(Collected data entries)

_ _ _ _ _

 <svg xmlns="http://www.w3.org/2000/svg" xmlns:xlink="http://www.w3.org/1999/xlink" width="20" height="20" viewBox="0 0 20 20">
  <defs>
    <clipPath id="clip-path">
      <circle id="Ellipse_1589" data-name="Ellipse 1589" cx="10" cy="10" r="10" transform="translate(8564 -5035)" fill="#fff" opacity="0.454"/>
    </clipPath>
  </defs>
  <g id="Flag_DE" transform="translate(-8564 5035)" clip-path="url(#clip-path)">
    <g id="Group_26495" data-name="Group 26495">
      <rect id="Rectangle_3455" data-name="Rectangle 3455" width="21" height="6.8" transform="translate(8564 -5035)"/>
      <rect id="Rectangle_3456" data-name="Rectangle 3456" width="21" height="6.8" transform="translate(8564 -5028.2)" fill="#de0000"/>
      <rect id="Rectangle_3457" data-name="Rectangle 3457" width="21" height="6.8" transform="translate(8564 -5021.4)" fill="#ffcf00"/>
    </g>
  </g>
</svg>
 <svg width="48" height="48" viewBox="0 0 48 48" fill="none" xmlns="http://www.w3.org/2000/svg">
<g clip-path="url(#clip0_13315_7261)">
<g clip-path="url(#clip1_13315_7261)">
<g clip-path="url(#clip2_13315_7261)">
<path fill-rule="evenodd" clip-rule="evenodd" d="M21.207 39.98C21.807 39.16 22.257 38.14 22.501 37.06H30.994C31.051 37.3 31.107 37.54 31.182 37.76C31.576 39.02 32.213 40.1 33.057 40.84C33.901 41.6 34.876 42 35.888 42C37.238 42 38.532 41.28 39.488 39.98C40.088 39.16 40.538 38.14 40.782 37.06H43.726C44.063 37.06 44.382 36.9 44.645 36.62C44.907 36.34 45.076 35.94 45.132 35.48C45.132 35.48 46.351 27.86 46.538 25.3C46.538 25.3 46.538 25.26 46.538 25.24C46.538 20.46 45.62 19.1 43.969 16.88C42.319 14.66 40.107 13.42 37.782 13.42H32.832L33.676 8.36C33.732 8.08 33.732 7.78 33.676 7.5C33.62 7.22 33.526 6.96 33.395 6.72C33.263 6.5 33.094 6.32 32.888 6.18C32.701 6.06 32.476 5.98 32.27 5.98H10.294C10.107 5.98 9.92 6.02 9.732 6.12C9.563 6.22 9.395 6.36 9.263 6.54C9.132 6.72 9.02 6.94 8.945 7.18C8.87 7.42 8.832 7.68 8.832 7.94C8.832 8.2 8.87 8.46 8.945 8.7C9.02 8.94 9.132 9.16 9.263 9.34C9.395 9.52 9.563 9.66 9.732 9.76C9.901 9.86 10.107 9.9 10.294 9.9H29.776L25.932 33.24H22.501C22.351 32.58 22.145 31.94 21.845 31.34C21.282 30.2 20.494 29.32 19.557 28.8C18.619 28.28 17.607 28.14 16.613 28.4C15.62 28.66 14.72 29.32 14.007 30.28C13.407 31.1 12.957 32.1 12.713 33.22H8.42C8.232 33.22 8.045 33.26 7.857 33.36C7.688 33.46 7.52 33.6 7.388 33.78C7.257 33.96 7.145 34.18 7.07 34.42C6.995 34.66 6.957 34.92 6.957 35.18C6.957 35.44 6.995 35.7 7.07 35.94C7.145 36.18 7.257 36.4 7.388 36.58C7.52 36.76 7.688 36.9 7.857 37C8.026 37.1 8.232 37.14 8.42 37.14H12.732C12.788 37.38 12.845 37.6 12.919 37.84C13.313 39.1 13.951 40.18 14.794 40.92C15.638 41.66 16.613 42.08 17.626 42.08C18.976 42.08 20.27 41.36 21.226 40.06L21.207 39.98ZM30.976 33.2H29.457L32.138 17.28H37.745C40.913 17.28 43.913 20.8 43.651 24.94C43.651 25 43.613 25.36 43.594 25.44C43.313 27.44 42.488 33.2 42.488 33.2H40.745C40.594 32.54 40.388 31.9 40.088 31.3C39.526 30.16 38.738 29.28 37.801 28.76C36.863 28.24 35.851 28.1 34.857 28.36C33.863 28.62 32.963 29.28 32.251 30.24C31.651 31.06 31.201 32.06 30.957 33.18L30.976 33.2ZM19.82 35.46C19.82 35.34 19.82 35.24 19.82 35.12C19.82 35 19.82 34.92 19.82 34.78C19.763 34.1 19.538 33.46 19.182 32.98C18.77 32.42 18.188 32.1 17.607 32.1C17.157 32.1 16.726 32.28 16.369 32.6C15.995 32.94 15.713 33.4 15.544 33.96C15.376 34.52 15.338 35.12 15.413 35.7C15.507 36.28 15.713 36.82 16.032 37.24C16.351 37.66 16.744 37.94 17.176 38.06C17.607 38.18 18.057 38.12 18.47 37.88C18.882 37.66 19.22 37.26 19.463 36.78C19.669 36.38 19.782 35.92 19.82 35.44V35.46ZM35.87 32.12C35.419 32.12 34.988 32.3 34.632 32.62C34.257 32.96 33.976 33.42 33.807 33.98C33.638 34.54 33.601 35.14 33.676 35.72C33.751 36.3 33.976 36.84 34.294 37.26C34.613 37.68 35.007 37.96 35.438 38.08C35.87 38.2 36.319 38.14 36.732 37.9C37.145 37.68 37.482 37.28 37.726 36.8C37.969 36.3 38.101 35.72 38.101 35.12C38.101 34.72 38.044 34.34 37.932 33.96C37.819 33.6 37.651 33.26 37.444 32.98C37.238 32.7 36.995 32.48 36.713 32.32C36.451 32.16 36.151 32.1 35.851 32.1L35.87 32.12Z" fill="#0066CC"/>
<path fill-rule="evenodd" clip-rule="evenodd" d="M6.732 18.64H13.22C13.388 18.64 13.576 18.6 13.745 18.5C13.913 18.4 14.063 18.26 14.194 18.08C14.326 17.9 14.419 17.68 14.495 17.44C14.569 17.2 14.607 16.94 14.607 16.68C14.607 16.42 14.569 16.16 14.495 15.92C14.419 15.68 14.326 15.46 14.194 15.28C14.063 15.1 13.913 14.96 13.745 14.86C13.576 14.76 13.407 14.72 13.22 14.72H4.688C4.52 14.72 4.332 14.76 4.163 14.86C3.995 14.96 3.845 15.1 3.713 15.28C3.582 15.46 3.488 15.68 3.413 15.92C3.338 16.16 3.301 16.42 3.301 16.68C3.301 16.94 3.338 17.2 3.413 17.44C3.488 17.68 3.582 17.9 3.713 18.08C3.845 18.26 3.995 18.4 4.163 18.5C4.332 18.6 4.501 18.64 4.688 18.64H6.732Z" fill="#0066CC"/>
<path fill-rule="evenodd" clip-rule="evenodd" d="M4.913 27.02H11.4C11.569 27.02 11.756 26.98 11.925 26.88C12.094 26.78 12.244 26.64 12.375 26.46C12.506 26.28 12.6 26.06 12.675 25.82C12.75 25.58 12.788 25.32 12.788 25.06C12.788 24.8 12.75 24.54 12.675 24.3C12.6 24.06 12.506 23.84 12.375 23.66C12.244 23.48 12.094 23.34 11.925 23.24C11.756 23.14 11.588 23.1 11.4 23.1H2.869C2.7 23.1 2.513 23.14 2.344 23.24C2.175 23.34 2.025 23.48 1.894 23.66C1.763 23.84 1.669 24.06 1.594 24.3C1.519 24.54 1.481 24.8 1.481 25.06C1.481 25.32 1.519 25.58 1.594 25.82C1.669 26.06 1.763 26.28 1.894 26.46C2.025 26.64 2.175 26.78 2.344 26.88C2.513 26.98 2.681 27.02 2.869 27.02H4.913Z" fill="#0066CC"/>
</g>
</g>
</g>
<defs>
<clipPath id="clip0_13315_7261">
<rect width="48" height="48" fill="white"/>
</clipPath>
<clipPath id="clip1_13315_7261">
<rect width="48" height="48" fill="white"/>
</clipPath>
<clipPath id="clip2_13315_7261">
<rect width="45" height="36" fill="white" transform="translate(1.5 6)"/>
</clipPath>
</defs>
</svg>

_ _ _ _ _

» YOUR TASK: The answer must be every line from the records above that contains the word "http", copied in full.

» TASK OUTPUT:
 <svg xmlns="http://www.w3.org/2000/svg" xmlns:xlink="http://www.w3.org/1999/xlink" width="20" height="20" viewBox="0 0 20 20">
 <svg width="48" height="48" viewBox="0 0 48 48" fill="none" xmlns="http://www.w3.org/2000/svg">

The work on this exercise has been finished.